Show every line of the material that follows in which the word "center" occurs.

Dataset:
== == ==

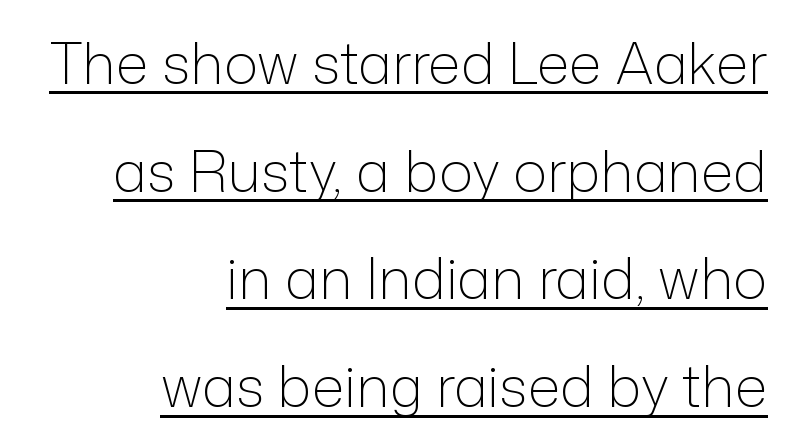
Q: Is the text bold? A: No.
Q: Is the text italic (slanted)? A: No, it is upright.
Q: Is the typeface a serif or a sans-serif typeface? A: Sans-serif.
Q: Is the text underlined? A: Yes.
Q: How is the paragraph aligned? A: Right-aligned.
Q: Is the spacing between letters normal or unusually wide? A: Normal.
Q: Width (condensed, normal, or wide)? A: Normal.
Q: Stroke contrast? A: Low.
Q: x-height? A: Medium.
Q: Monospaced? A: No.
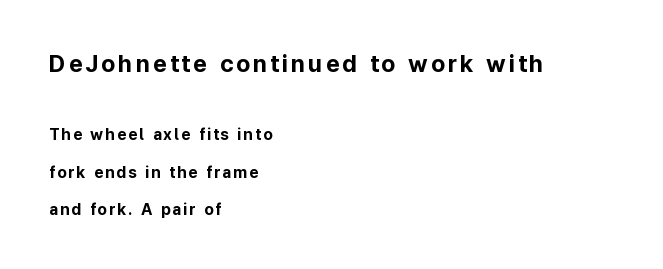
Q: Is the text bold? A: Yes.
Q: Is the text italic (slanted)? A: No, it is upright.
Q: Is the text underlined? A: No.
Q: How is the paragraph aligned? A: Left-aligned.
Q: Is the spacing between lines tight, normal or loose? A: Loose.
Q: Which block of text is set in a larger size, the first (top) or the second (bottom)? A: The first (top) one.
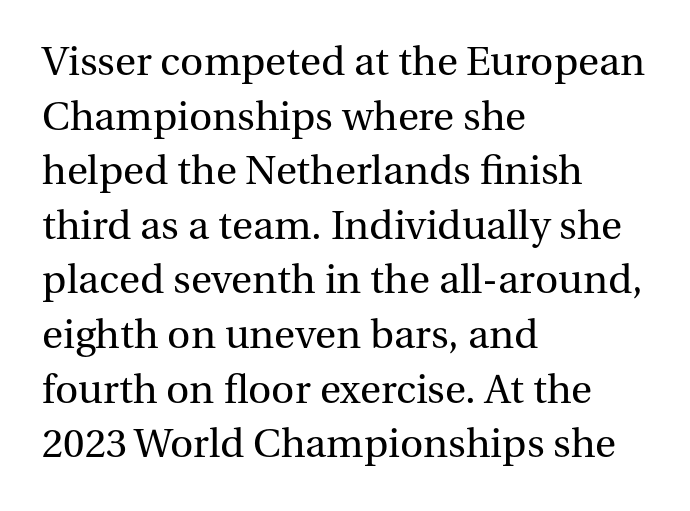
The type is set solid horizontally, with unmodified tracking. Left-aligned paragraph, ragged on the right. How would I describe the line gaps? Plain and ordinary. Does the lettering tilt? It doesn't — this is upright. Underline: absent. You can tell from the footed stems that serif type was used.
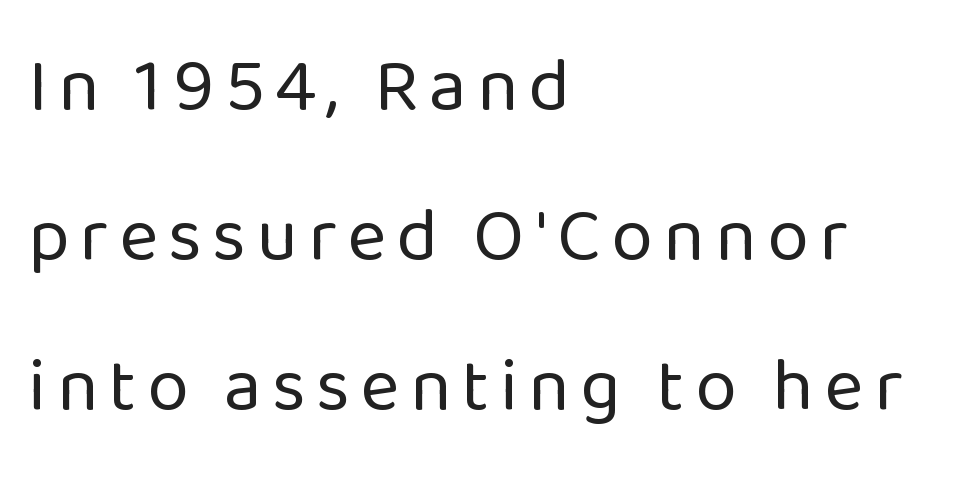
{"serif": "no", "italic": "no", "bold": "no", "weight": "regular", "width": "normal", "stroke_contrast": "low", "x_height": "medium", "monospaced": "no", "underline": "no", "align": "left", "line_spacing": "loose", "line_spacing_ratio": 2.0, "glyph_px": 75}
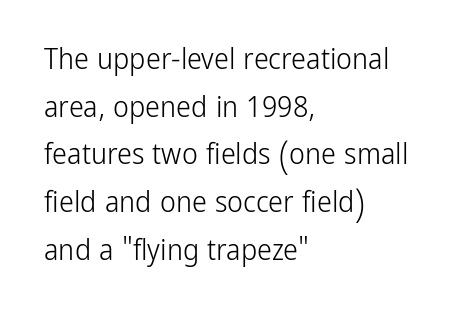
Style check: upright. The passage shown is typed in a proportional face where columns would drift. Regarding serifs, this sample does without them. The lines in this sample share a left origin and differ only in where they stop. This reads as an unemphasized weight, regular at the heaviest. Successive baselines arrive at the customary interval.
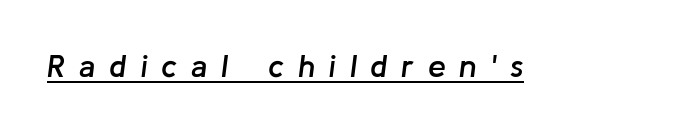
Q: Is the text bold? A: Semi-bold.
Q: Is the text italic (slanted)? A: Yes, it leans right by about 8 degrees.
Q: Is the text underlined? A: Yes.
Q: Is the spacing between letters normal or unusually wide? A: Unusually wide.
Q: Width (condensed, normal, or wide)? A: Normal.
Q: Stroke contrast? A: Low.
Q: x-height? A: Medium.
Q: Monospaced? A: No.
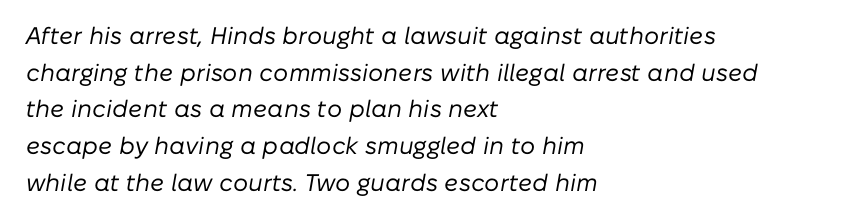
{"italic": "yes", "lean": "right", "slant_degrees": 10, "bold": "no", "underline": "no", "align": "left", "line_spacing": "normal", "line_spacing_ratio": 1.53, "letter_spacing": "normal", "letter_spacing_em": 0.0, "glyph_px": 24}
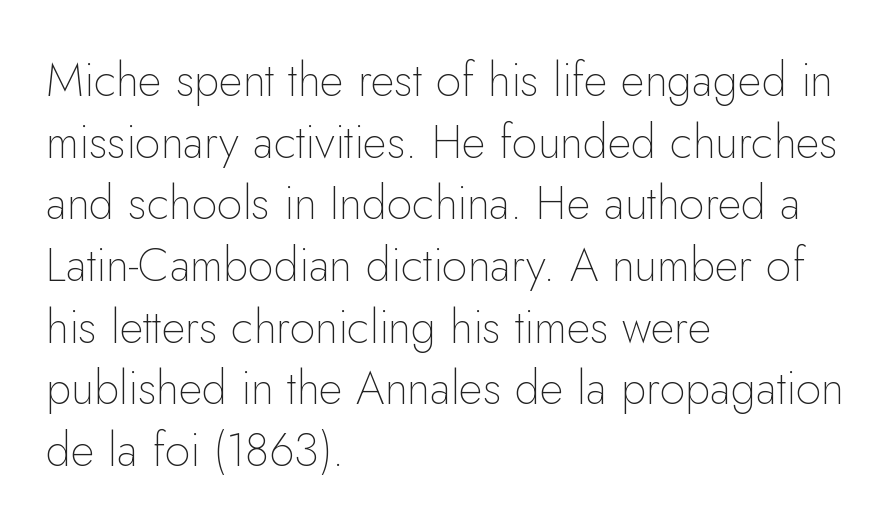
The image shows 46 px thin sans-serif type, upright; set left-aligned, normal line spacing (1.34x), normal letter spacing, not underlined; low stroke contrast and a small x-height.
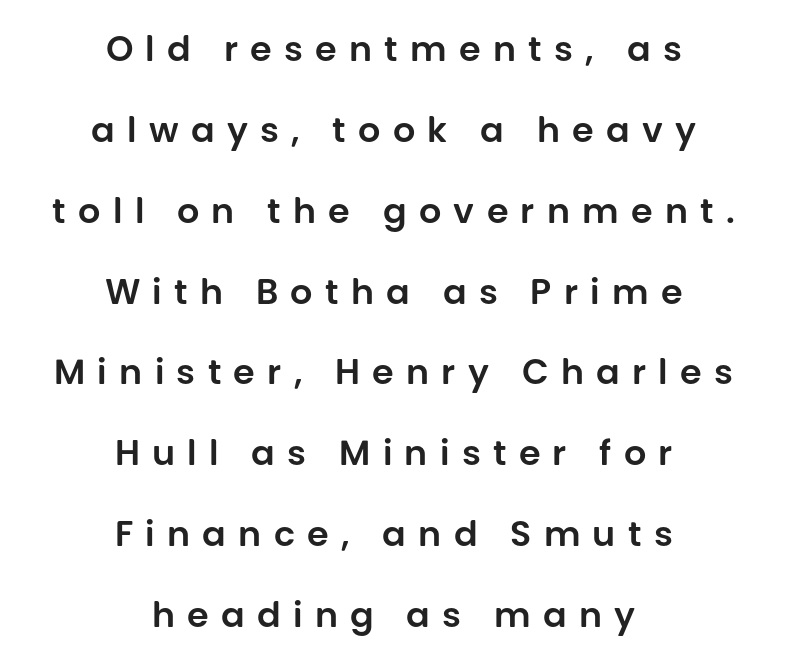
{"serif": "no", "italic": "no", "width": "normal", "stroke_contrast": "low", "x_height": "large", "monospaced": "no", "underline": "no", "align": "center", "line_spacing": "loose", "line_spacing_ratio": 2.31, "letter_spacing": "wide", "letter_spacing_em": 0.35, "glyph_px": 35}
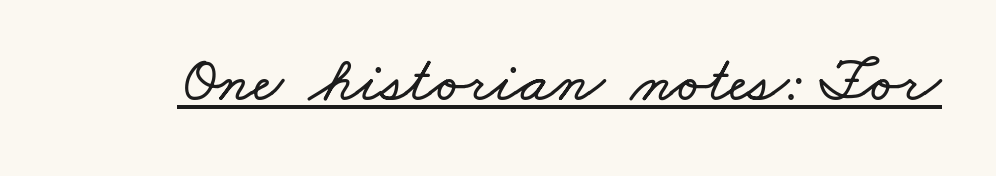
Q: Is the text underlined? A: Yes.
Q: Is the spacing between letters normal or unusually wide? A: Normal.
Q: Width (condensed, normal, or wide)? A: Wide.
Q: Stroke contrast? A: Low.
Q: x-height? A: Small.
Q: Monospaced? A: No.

== == ==

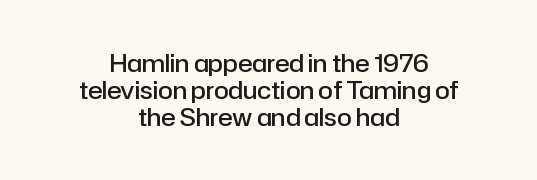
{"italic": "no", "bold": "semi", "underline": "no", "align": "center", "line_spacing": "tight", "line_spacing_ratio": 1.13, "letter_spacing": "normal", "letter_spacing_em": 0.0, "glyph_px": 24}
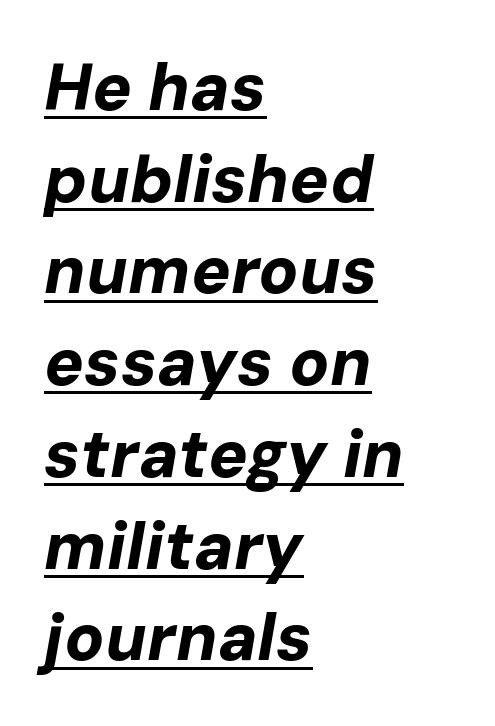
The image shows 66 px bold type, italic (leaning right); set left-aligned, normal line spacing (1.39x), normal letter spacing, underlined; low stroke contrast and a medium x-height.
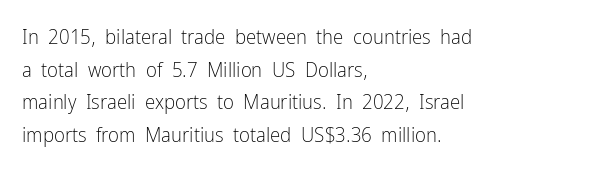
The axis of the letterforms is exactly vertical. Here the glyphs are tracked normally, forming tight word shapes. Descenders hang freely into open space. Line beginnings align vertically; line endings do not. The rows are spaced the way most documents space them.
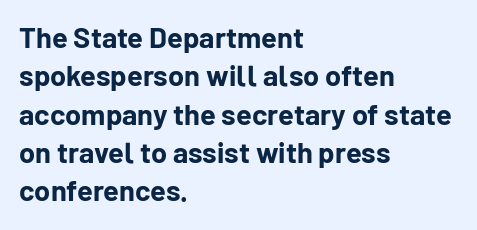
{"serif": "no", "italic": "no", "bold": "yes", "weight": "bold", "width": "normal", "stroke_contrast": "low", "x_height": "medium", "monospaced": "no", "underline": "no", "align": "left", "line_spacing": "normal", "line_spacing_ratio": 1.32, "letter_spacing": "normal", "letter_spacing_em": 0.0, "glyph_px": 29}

== == ==

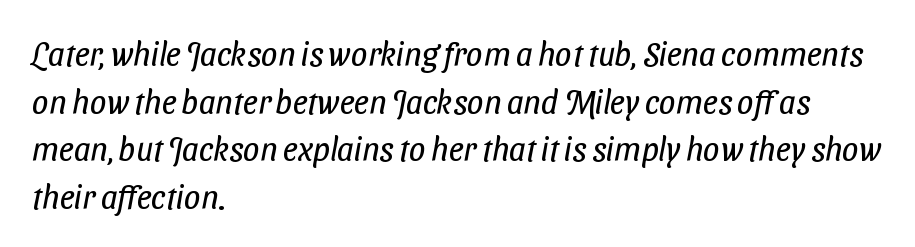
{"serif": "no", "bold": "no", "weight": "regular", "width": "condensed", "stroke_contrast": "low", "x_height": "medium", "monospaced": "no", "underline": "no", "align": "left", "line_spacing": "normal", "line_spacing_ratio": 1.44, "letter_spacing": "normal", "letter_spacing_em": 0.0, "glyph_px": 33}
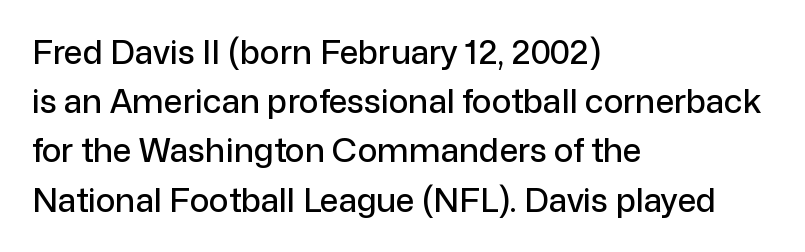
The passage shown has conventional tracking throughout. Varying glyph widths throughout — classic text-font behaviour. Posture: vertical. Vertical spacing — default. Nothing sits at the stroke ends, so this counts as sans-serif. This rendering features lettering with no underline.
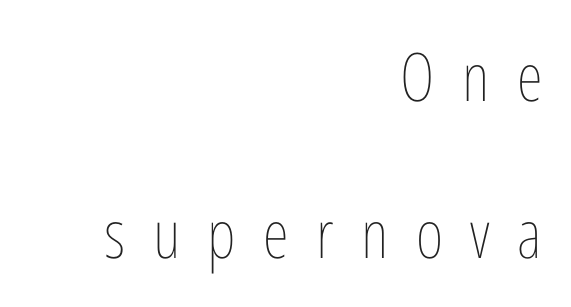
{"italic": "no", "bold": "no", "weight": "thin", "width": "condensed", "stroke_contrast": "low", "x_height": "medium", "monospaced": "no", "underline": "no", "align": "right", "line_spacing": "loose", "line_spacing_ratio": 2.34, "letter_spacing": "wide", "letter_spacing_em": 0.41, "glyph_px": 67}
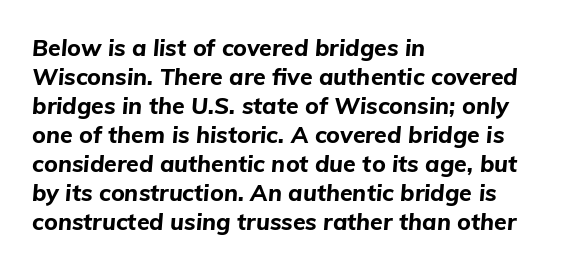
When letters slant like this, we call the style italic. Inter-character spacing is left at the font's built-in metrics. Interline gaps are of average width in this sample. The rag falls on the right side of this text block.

== == ==

Response area:
{"serif": "no", "italic": "no", "width": "normal", "stroke_contrast": "low", "x_height": "large", "monospaced": "no", "underline": "no", "align": "center", "line_spacing": "loose", "line_spacing_ratio": 2.31, "letter_spacing": "wide", "letter_spacing_em": 0.35, "glyph_px": 35}
{"italic": "no", "bold": "semi", "underline": "no", "align": "center", "line_spacing": "tight", "line_spacing_ratio": 1.13, "letter_spacing": "normal", "letter_spacing_em": 0.0, "glyph_px": 24}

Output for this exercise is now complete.